Thomeensis Silver Vlei Spider

Scientific classification
- Kingdom: Animalia
- Phylum: Arthropoda
- Subphylum: Chelicerata
- Class: Arachnida
- Order: Araneae
- Infraorder: Araneomorphae
- Family: Tetragnathidae
- Genus: Leucauge
- Species: L. thomeensis
- Binomial name: Leucauge thomeensis Kraus, 1960

= Leucauge thomeensis =

- Authority: Kraus, 1960

Species of spider

Leucauge thomeensis is a species of spider in the family Tetragnathidae. a group commonly known as long-jawed orb-weavers due to their elongated chelicerae and web-building behavior. It is an African species native to southern Africa. It is commonly known as the thomeensis silver vlei spider.

==Distribution==
Leucauge thomeensis is found in São Tomé and Príncipe, Botswana, and South Africa.

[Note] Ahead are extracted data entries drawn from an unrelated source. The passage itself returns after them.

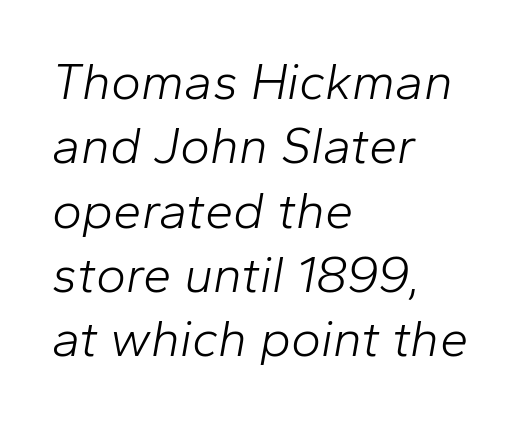
The typesetting does not lean heavy: it is not bold. A typesetter would call this proportional, since set widths differ per character. These lines sit exactly where default settings would place them. Underline: absent.
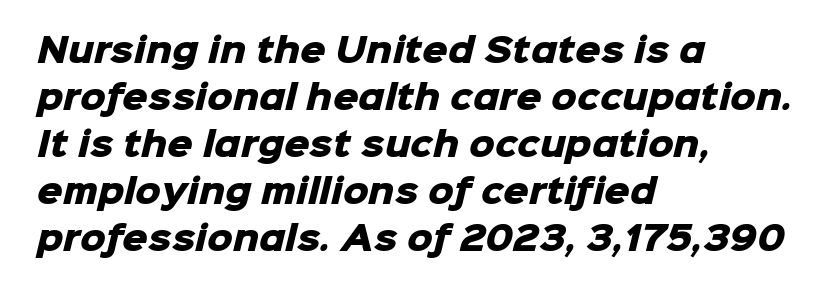
Q: Is the text bold? A: Yes.
Q: Is the typeface a serif or a sans-serif typeface? A: Sans-serif.
Q: Is the text underlined? A: No.
Q: How is the paragraph aligned? A: Left-aligned.
Q: Is the spacing between letters normal or unusually wide? A: Normal.
Q: Is the spacing between lines tight, normal or loose? A: Normal.
Q: Width (condensed, normal, or wide)? A: Normal.
Q: Stroke contrast? A: Low.
Q: x-height? A: Medium.
Q: Monospaced? A: No.
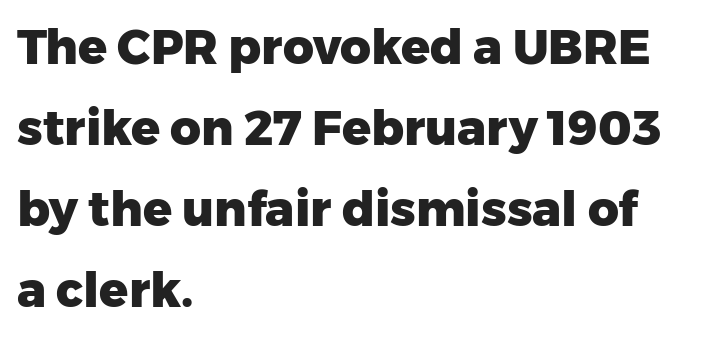
The image shows 48 px heavy sans-serif type, upright; set left-aligned, normal line spacing (1.69x), normal letter spacing, not underlined; low stroke contrast and a medium x-height.
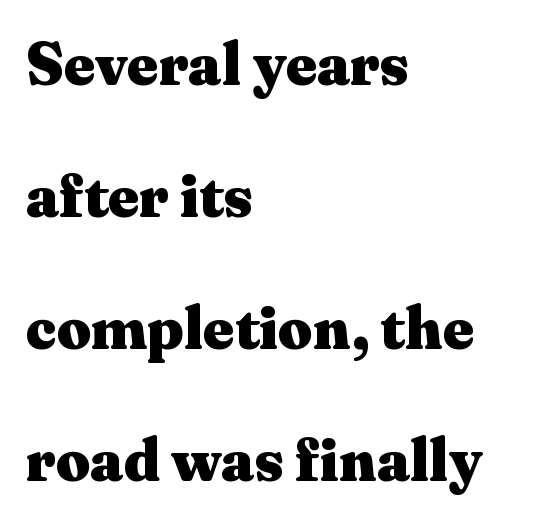
Q: Is the text bold? A: Yes.
Q: Is the text italic (slanted)? A: No, it is upright.
Q: Is the typeface a serif or a sans-serif typeface? A: Serif.
Q: Is the text underlined? A: No.
Q: How is the paragraph aligned? A: Left-aligned.
Q: Is the spacing between letters normal or unusually wide? A: Normal.
Q: Is the spacing between lines tight, normal or loose? A: Loose.
Q: Width (condensed, normal, or wide)? A: Wide.
Q: Stroke contrast? A: Medium.
Q: x-height? A: Medium.
Q: Monospaced? A: No.
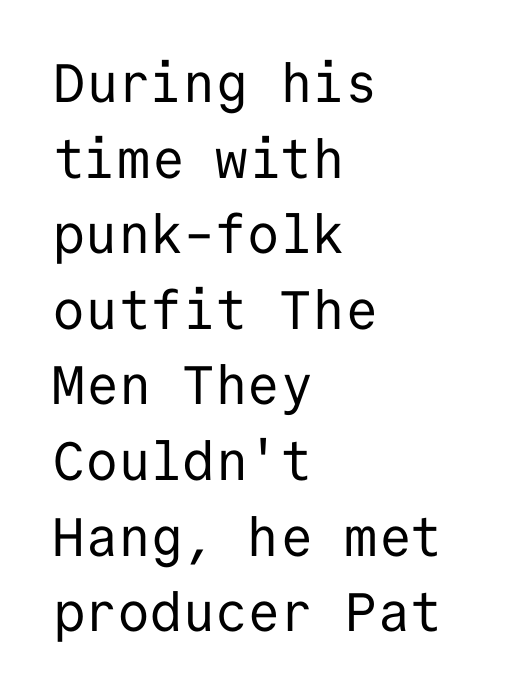
Posture: vertical. The zone under the glyphs is completely vacant. This sample has the even, mechanical cadence of fixed-width lettering. The strokes carry an ordinary text weight at most. Serif or sans? Sans — the stroke terminals are bare. A student would call this left alignment; a typographer would say flush left, rag right.
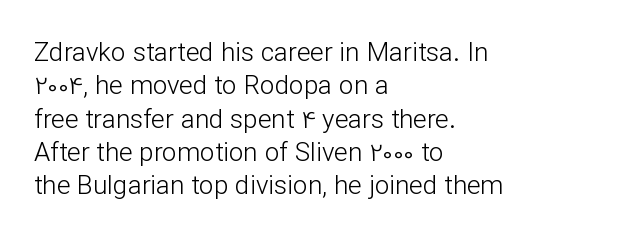
Compared with typical paragraphs, the rows here are spaced about the same. The letters stand straight up with perfectly vertical stems. Short and long lines alike share a common starting point at left. Is the stroke heavy? The answer is a plain regular-or-lighter. In terms of letterspacing, this is plain default setting. Just letters on the line, the space beneath them empty.
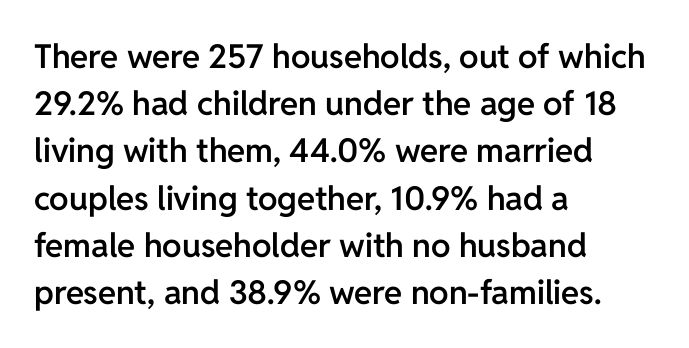
Q: Is the text bold? A: Semi-bold.
Q: Is the text italic (slanted)? A: No, it is upright.
Q: Is the typeface a serif or a sans-serif typeface? A: Sans-serif.
Q: Is the text underlined? A: No.
Q: How is the paragraph aligned? A: Left-aligned.
Q: Is the spacing between letters normal or unusually wide? A: Normal.
Q: Is the spacing between lines tight, normal or loose? A: Normal.
Q: Width (condensed, normal, or wide)? A: Normal.
Q: Stroke contrast? A: Low.
Q: x-height? A: Medium.
Q: Monospaced? A: No.
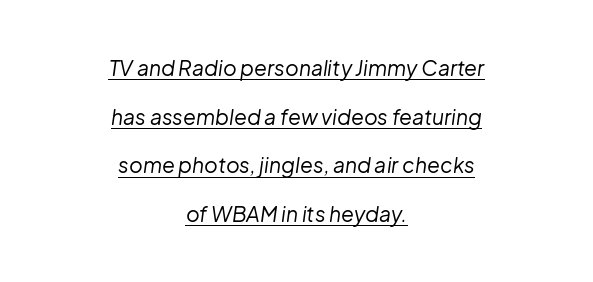
Q: Is the text bold? A: No.
Q: Is the text italic (slanted)? A: Yes, it leans right by about 8 degrees.
Q: Is the text underlined? A: Yes.
Q: How is the paragraph aligned? A: Centered.
Q: Is the spacing between letters normal or unusually wide? A: Normal.
Q: Is the spacing between lines tight, normal or loose? A: Loose.
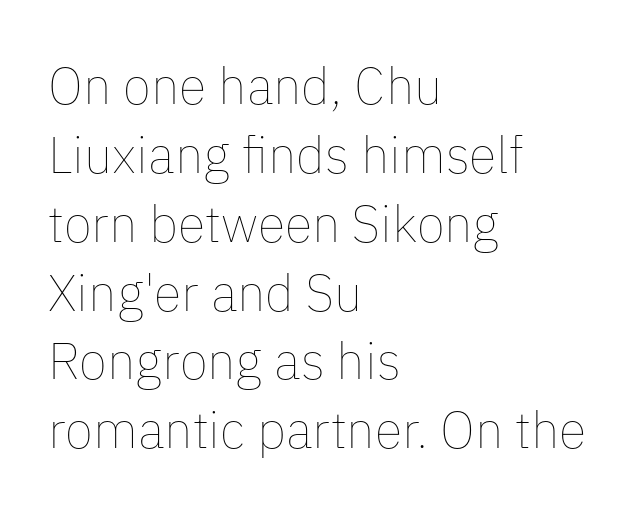
Q: Is the text bold? A: No.
Q: Is the text italic (slanted)? A: No, it is upright.
Q: Is the text underlined? A: No.
Q: How is the paragraph aligned? A: Left-aligned.
Q: Is the spacing between letters normal or unusually wide? A: Normal.
Q: Is the spacing between lines tight, normal or loose? A: Normal.
Q: Width (condensed, normal, or wide)? A: Normal.
Q: Stroke contrast? A: Low.
Q: x-height? A: Medium.
Q: Monospaced? A: No.
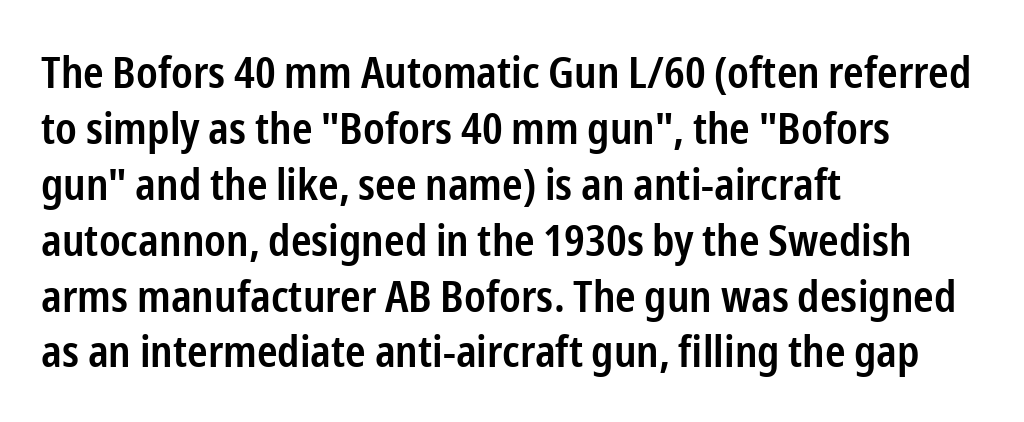
This is sans-serif lettering, the kind often seen on screens and signage. Casual observation: everything's shoved over to the left. The face used here is proportionally spaced, like ordinary book or web type. The gap between lines stays unmarked. Does the weight exceed regular? Yes, but only to semibold.
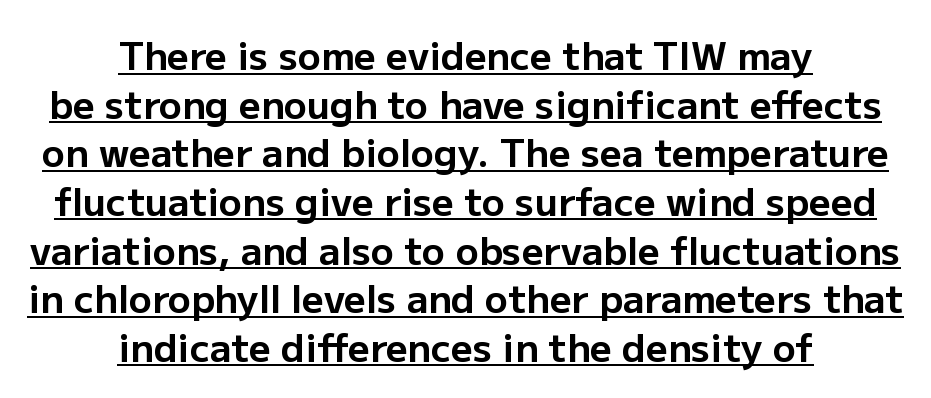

In South Africa, the species is recorded only from the Eastern Cape, specifically from Jeffrey's Bay, Thyspunt, Storms River, and Addo Elephant National Park.

==Habitat and ecology==
The species makes orb-webs low in grass and has been sampled from the Fynbos and Thicket biomes.

==Description==

Known only from males.

==Conservation==
Leucauge thomeensis is listed as Least Concern by the South African National Biodiversity Institute. The species is protected in Addo Elephant National Park.

==Taxonomy==
The species was originally described by Otto Kraus in 1960 from São Tomé. The presence of the species in southern Africa still needs to be confirmed.